_Records for the task_:
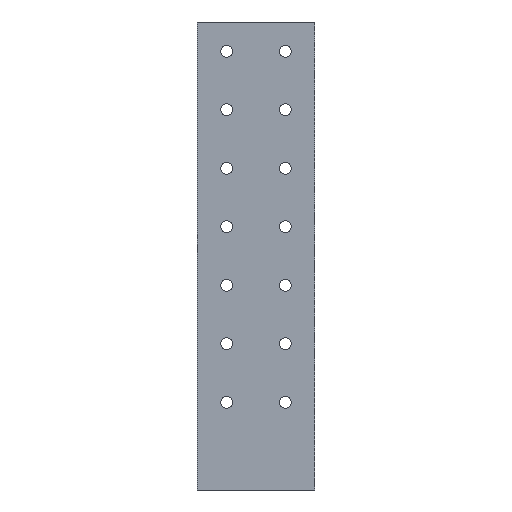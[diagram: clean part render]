
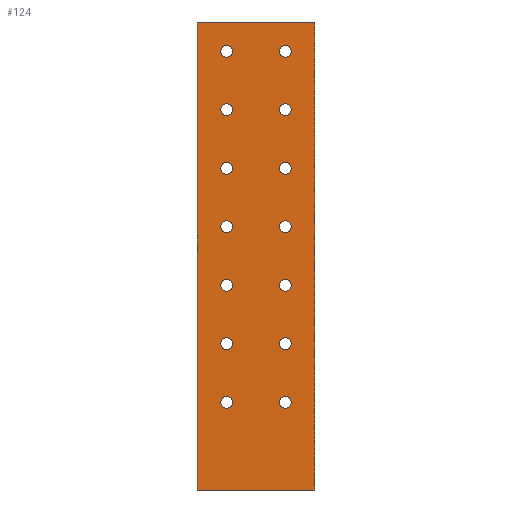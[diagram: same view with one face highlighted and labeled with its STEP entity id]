
A CAD part, front view. The second image highlights one B-rep face of the part: STEP entity #124.
In plain terms, the highlighted planar face has unit normal (0, -1, 0).
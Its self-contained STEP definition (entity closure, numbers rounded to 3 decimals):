
#124 = ADVANCED_FACE( '', ( #303, #304, #305, #306, #307, #308, #309, #310, #311, #312, #313, #314, #315, #316, #317 ), #318, .T. );
#303 = FACE_BOUND( '', #1545, .T. );
#304 = FACE_BOUND( '', #1546, .T. );
#305 = FACE_BOUND( '', #1547, .T. );
#306 = FACE_BOUND( '', #1548, .T. );
#307 = FACE_BOUND( '', #1549, .T. );
#308 = FACE_BOUND( '', #1550, .T. );
#309 = FACE_BOUND( '', #1551, .T. );
#310 = FACE_BOUND( '', #1552, .T. );
#311 = FACE_BOUND( '', #1553, .T. );
#312 = FACE_BOUND( '', #1554, .T. );
#313 = FACE_BOUND( '', #1555, .T. );
#314 = FACE_BOUND( '', #1556, .T. );
#315 = FACE_BOUND( '', #1557, .T. );
#316 = FACE_BOUND( '', #1558, .T. );
#317 = FACE_OUTER_BOUND( '', #1559, .T. );
#318 = PLANE( '', #1560 );
#1545 = EDGE_LOOP( '', ( #2078 ) );
#1546 = EDGE_LOOP( '', ( #2079 ) );
#1547 = EDGE_LOOP( '', ( #2080 ) );
#1548 = EDGE_LOOP( '', ( #2081 ) );
#1549 = EDGE_LOOP( '', ( #2082 ) );
#1550 = EDGE_LOOP( '', ( #2083 ) );
#1551 = EDGE_LOOP( '', ( #2084 ) );
#1552 = EDGE_LOOP( '', ( #2085 ) );
#1553 = EDGE_LOOP( '', ( #2086 ) );
#1554 = EDGE_LOOP( '', ( #2087 ) );
#1555 = EDGE_LOOP( '', ( #2088 ) );
#1556 = EDGE_LOOP( '', ( #2089 ) );
#1557 = EDGE_LOOP( '', ( #2090 ) );
#1558 = EDGE_LOOP( '', ( #2091 ) );
#1559 = EDGE_LOOP( '', ( #2092, #2093, #2094, #2095 ) );
#1560 = AXIS2_PLACEMENT_3D( '', #2096, #2097, #2098 );
#2078 = ORIENTED_EDGE( '', *, *, #2453, .T. );
#2079 = ORIENTED_EDGE( '', *, *, #2454, .T. );
#2080 = ORIENTED_EDGE( '', *, *, #2455, .T. );
#2081 = ORIENTED_EDGE( '', *, *, #2456, .T. );
#2082 = ORIENTED_EDGE( '', *, *, #2457, .T. );
#2083 = ORIENTED_EDGE( '', *, *, #2458, .T. );
#2084 = ORIENTED_EDGE( '', *, *, #2459, .T. );
#2085 = ORIENTED_EDGE( '', *, *, #2460, .T. );
#2086 = ORIENTED_EDGE( '', *, *, #2461, .T. );
#2087 = ORIENTED_EDGE( '', *, *, #2462, .T. );
#2088 = ORIENTED_EDGE( '', *, *, #2463, .T. );
#2089 = ORIENTED_EDGE( '', *, *, #2464, .T. );
#2090 = ORIENTED_EDGE( '', *, *, #2465, .T. );
#2091 = ORIENTED_EDGE( '', *, *, #2358, .T. );
#2092 = ORIENTED_EDGE( '', *, *, #2442, .F. );
#2093 = ORIENTED_EDGE( '', *, *, #2426, .F. );
#2094 = ORIENTED_EDGE( '', *, *, #2436, .T. );
#2095 = ORIENTED_EDGE( '', *, *, #2441, .T. );
#2096 = CARTESIAN_POINT( '', ( 50., 0., 0. ) );
#2097 = DIRECTION( '', ( 0., -1., 0. ) );
#2098 = DIRECTION( '', ( 0., 0., -1. ) );
#2358 = EDGE_CURVE( '', #2584, #2584, #2585, .T. );
#2426 = EDGE_CURVE( '', #2700, #2698, #2702, .T. );
#2436 = EDGE_CURVE( '', #2700, #2718, #2720, .T. );
#2441 = EDGE_CURVE( '', #2718, #2724, #2726, .T. );
#2442 = EDGE_CURVE( '', #2698, #2724, #2727, .T. );
#2453 = EDGE_CURVE( '', #2748, #2748, #2749, .T. );
#2454 = EDGE_CURVE( '', #2750, #2750, #2751, .T. );
#2455 = EDGE_CURVE( '', #2752, #2752, #2753, .T. );
#2456 = EDGE_CURVE( '', #2754, #2754, #2755, .T. );
#2457 = EDGE_CURVE( '', #2756, #2756, #2757, .T. );
#2458 = EDGE_CURVE( '', #2758, #2758, #2759, .T. );
#2459 = EDGE_CURVE( '', #2760, #2760, #2761, .T. );
#2460 = EDGE_CURVE( '', #2762, #2762, #2763, .T. );
#2461 = EDGE_CURVE( '', #2764, #2764, #2765, .T. );
#2462 = EDGE_CURVE( '', #2766, #2766, #2767, .T. );
#2463 = EDGE_CURVE( '', #2768, #2768, #2769, .T. );
#2464 = EDGE_CURVE( '', #2770, #2770, #2771, .T. );
#2465 = EDGE_CURVE( '', #2772, #2772, #2773, .T. );
#2584 = VERTEX_POINT( '', #3466 );
#2585 = CIRCLE( '', #3467, 5.1 );
#2698 = VERTEX_POINT( '', #3727 );
#2700 = VERTEX_POINT( '', #3730 );
#2702 = LINE( '', #3733, #3734 );
#2718 = VERTEX_POINT( '', #3752 );
#2720 = LINE( '', #3755, #3756 );
#2724 = VERTEX_POINT( '', #3763 );
#2726 = LINE( '', #3766, #3767 );
#2727 = LINE( '', #3768, #3769 );
#2748 = VERTEX_POINT( '', #3790 );
#2749 = CIRCLE( '', #3791, 5.1 );
#2750 = VERTEX_POINT( '', #3792 );
#2751 = CIRCLE( '', #3793, 5.1 );
#2752 = VERTEX_POINT( '', #3794 );
#2753 = CIRCLE( '', #3795, 5.1 );
#2754 = VERTEX_POINT( '', #3796 );
#2755 = CIRCLE( '', #3797, 5.1 );
#2756 = VERTEX_POINT( '', #3798 );
#2757 = CIRCLE( '', #3799, 5.1 );
#2758 = VERTEX_POINT( '', #3800 );
#2759 = CIRCLE( '', #3801, 5.1 );
#2760 = VERTEX_POINT( '', #3802 );
#2761 = CIRCLE( '', #3803, 5.1 );
#2762 = VERTEX_POINT( '', #3804 );
#2763 = CIRCLE( '', #3805, 5.1 );
#2764 = VERTEX_POINT( '', #3806 );
#2765 = CIRCLE( '', #3807, 5.1 );
#2766 = VERTEX_POINT( '', #3808 );
#2767 = CIRCLE( '', #3809, 5.1 );
#2768 = VERTEX_POINT( '', #3810 );
#2769 = CIRCLE( '', #3811, 5.1 );
#2770 = VERTEX_POINT( '', #3812 );
#2771 = CIRCLE( '', #3813, 5.1 );
#2772 = VERTEX_POINT( '', #3814 );
#2773 = CIRCLE( '', #3815, 5.1 );
#3466 = CARTESIAN_POINT( '', ( -25., 0., 69.9 ) );
#3467 = AXIS2_PLACEMENT_3D( '', #3953, #3954, #3955 );
#3727 = CARTESIAN_POINT( '', ( -50., 0., 0. ) );
#3730 = CARTESIAN_POINT( '', ( 50., 0., 0. ) );
#3733 = CARTESIAN_POINT( '', ( 50., 0., 0. ) );
#3734 = VECTOR( '', #4086, 1000. );
#3752 = CARTESIAN_POINT( '', ( 50., 0., 400. ) );
#3755 = CARTESIAN_POINT( '', ( 50., 0., 0. ) );
#3756 = VECTOR( '', #4108, 1000. );
#3763 = CARTESIAN_POINT( '', ( -50., 0., 400. ) );
#3766 = CARTESIAN_POINT( '', ( 50., 0., 400. ) );
#3767 = VECTOR( '', #4113, 1000. );
#3768 = CARTESIAN_POINT( '', ( -50., 0., 0. ) );
#3769 = VECTOR( '', #4114, 1000. );
#3790 = CARTESIAN_POINT( '', ( 25., 0., 369.9 ) );
#3791 = AXIS2_PLACEMENT_3D( '', #4145, #4146, #4147 );
#3792 = CARTESIAN_POINT( '', ( 25., 0., 319.9 ) );
#3793 = AXIS2_PLACEMENT_3D( '', #4148, #4149, #4150 );
#3794 = CARTESIAN_POINT( '', ( 25., 0., 269.9 ) );
#3795 = AXIS2_PLACEMENT_3D( '', #4151, #4152, #4153 );
#3796 = CARTESIAN_POINT( '', ( 25., 0., 219.9 ) );
#3797 = AXIS2_PLACEMENT_3D( '', #4154, #4155, #4156 );
#3798 = CARTESIAN_POINT( '', ( 25., 0., 169.9 ) );
#3799 = AXIS2_PLACEMENT_3D( '', #4157, #4158, #4159 );
#3800 = CARTESIAN_POINT( '', ( 25., 0., 119.9 ) );
#3801 = AXIS2_PLACEMENT_3D( '', #4160, #4161, #4162 );
#3802 = CARTESIAN_POINT( '', ( 25., 0., 69.9 ) );
#3803 = AXIS2_PLACEMENT_3D( '', #4163, #4164, #4165 );
#3804 = CARTESIAN_POINT( '', ( -25., 0., 369.9 ) );
#3805 = AXIS2_PLACEMENT_3D( '', #4166, #4167, #4168 );
#3806 = CARTESIAN_POINT( '', ( -25., 0., 319.9 ) );
#3807 = AXIS2_PLACEMENT_3D( '', #4169, #4170, #4171 );
#3808 = CARTESIAN_POINT( '', ( -25., 0., 269.9 ) );
#3809 = AXIS2_PLACEMENT_3D( '', #4172, #4173, #4174 );
#3810 = CARTESIAN_POINT( '', ( -25., 0., 219.9 ) );
#3811 = AXIS2_PLACEMENT_3D( '', #4175, #4176, #4177 );
#3812 = CARTESIAN_POINT( '', ( -25., 0., 169.9 ) );
#3813 = AXIS2_PLACEMENT_3D( '', #4178, #4179, #4180 );
#3814 = CARTESIAN_POINT( '', ( -25., 0., 119.9 ) );
#3815 = AXIS2_PLACEMENT_3D( '', #4181, #4182, #4183 );
#3953 = CARTESIAN_POINT( '', ( -25., 0., 75. ) );
#3954 = DIRECTION( '', ( 0., 1., 0. ) );
#3955 = DIRECTION( '', ( 0., 0., -1. ) );
#4086 = DIRECTION( '', ( -1., 0., 0. ) );
#4108 = DIRECTION( '', ( 0., 0., 1. ) );
#4113 = DIRECTION( '', ( -1., 0., 0. ) );
#4114 = DIRECTION( '', ( 0., 0., 1. ) );
#4145 = CARTESIAN_POINT( '', ( 25., 0., 375. ) );
#4146 = DIRECTION( '', ( 0., 1., 0. ) );
#4147 = DIRECTION( '', ( 0., 0., -1. ) );
#4148 = CARTESIAN_POINT( '', ( 25., 0., 325. ) );
#4149 = DIRECTION( '', ( 0., 1., 0. ) );
#4150 = DIRECTION( '', ( 0., 0., -1. ) );
#4151 = CARTESIAN_POINT( '', ( 25., 0., 275. ) );
#4152 = DIRECTION( '', ( 0., 1., 0. ) );
#4153 = DIRECTION( '', ( 0., 0., -1. ) );
#4154 = CARTESIAN_POINT( '', ( 25., 0., 225. ) );
#4155 = DIRECTION( '', ( 0., 1., 0. ) );
#4156 = DIRECTION( '', ( 0., 0., -1. ) );
#4157 = CARTESIAN_POINT( '', ( 25., 0., 175. ) );
#4158 = DIRECTION( '', ( 0., 1., 0. ) );
#4159 = DIRECTION( '', ( 0., 0., -1. ) );
#4160 = CARTESIAN_POINT( '', ( 25., 0., 125. ) );
#4161 = DIRECTION( '', ( 0., 1., 0. ) );
#4162 = DIRECTION( '', ( 0., 0., -1. ) );
#4163 = CARTESIAN_POINT( '', ( 25., 0., 75. ) );
#4164 = DIRECTION( '', ( 0., 1., 0. ) );
#4165 = DIRECTION( '', ( 0., 0., -1. ) );
#4166 = CARTESIAN_POINT( '', ( -25., 0., 375. ) );
#4167 = DIRECTION( '', ( 0., 1., 0. ) );
#4168 = DIRECTION( '', ( 0., 0., -1. ) );
#4169 = CARTESIAN_POINT( '', ( -25., 0., 325. ) );
#4170 = DIRECTION( '', ( 0., 1., 0. ) );
#4171 = DIRECTION( '', ( 0., 0., -1. ) );
#4172 = CARTESIAN_POINT( '', ( -25., 0., 275. ) );
#4173 = DIRECTION( '', ( 0., 1., 0. ) );
#4174 = DIRECTION( '', ( 0., 0., -1. ) );
#4175 = CARTESIAN_POINT( '', ( -25., 0., 225. ) );
#4176 = DIRECTION( '', ( 0., 1., 0. ) );
#4177 = DIRECTION( '', ( 0., 0., -1. ) );
#4178 = CARTESIAN_POINT( '', ( -25., 0., 175. ) );
#4179 = DIRECTION( '', ( 0., 1., 0. ) );
#4180 = DIRECTION( '', ( 0., 0., -1. ) );
#4181 = CARTESIAN_POINT( '', ( -25., 0., 125. ) );
#4182 = DIRECTION( '', ( 0., 1., 0. ) );
#4183 = DIRECTION( '', ( 0., 0., -1. ) );

_Task instructions_: Above is a listing; print exactly its lines from the one with "#2769 = CIRCLE( '', #3811, 5.1 );" through the one with "#3733 = CARTESIAN_POINT( '', ( 50., 0., 0.", and no other lines.

_Answer to the problem_:
#2769 = CIRCLE( '', #3811, 5.1 );
#2770 = VERTEX_POINT( '', #3812 );
#2771 = CIRCLE( '', #3813, 5.1 );
#2772 = VERTEX_POINT( '', #3814 );
#2773 = CIRCLE( '', #3815, 5.1 );
#3466 = CARTESIAN_POINT( '', ( -25., 0., 69.9 ) );
#3467 = AXIS2_PLACEMENT_3D( '', #3953, #3954, #3955 );
#3727 = CARTESIAN_POINT( '', ( -50., 0., 0. ) );
#3730 = CARTESIAN_POINT( '', ( 50., 0., 0. ) );
#3733 = CARTESIAN_POINT( '', ( 50., 0., 0. ) );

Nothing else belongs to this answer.